The Man Who Loved Cat Dancing (1973)
“Two women loved him. One died for him. One killed for him.”
Director: Richard C. Sarafian
Cast: Burt Reynolds, Sarah Miles, Lee J. Cobb
Synopsis: Western story about a defiant wife who leaves her husband to take up riding with outlaws.
Perhaps if Burt Reynolds had persevered with straight roles instead of taking the fatal decision to allow his career to become mired in a succession of brainless good ol’ boy comedies he might have carved a respectable reputation for himself as a serious actor. He’s certainly better in The Man Who Loved Cat Dancing than in most of his other films, despite the distinct lack of sexual chemistry between him and his co-star Sarah Miles.

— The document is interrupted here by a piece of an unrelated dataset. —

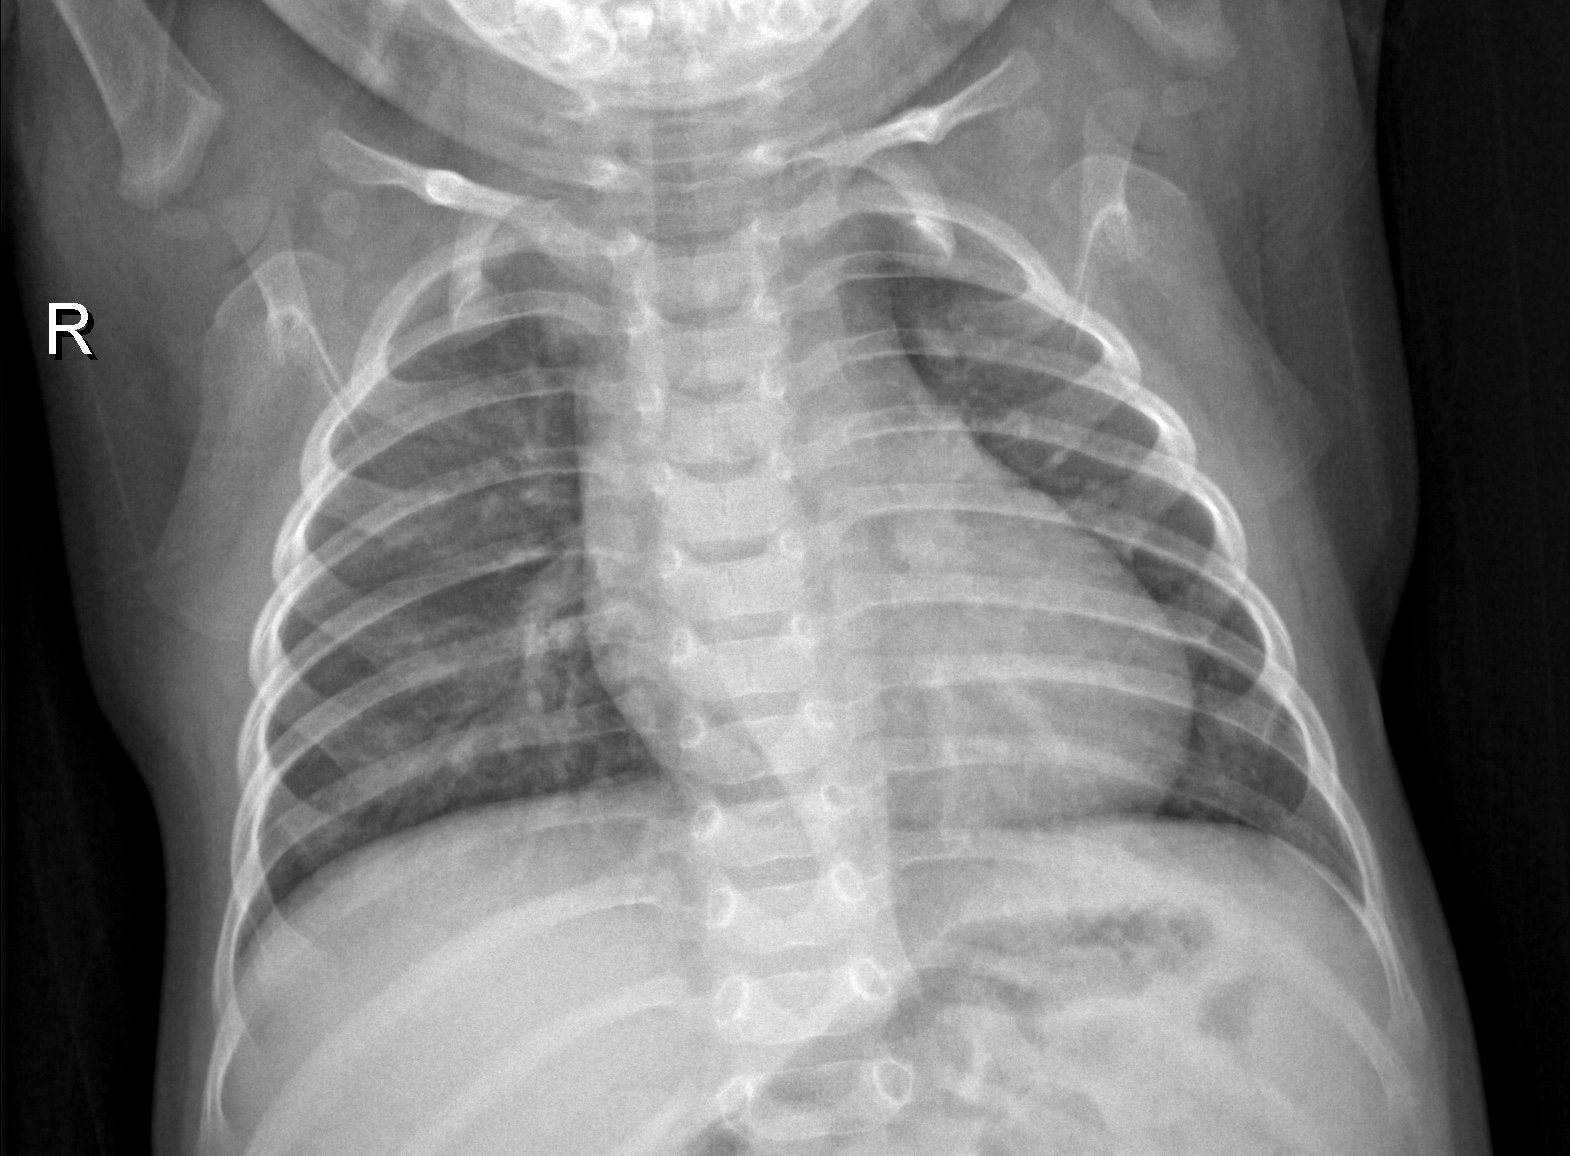
Diagnosis: NORMAL

Reynolds plays Jay Grobart, the nominal head of a gang of four outlaws whom we first meet in the midst of a train robbery. The others in the gang are Billy (Bo Hopkins), one of those exuberant outlaws for whom every law is made for breaking, Dawes (Jack Warden), an older man, and, it turns out, assuming a status as the villain of the piece which initially looks as if it’s going to be claimed by Hopkins’ Billy, and an Indian, Charlie (Jay Varela), who is the only one of the three that Jay can really trust. The robbery goes smoothly, apart from the fact that the gang are obliged to abduct a rather brittle lady (Miles) who, it transpires, is running away from her husband. Her presence creates the expected tensions amongst the gang members, who are hotly pursued by a posse led by veteran tracker Lap Chance (Lee J. Cobb) and Crocker (George Hamilton), the abducted woman’s husband.
Despite the title, the film is as much about the character of Catherine Crocker as it is Grobart. The screenplay hints at some frigidity on her part – or at least a sexual incompatibility with her husband which prompts her to flee – but it never delves too deeply into that side of her story, focusing instead on the burgeoning relationship between her and Grobart. Although a bandit, Grobart’s one of those noble breed, motivated by a desire to be reunited with his children who are being raised by the tribe of Indians to which his former wife, the eponymous Cat Dancing, belonged.
The Man Who Loved Cat Dancing takes its time telling its story, particularly when Grobart and Catherine are alone, and is let down by a lack of consistency. There’s little meaningful interplay between Grobart and Catherine to suggest or explain the depth of their feelings for one another, which results in a lack of concern about their plight on the part of the audience as the posse closes in. The fractious relationship between Jay and the other gang members is of more interest. These are disparate men, with no sense of loyalty to one another, whom circumstance has thrown together, and whose relationship is destined to end with violence.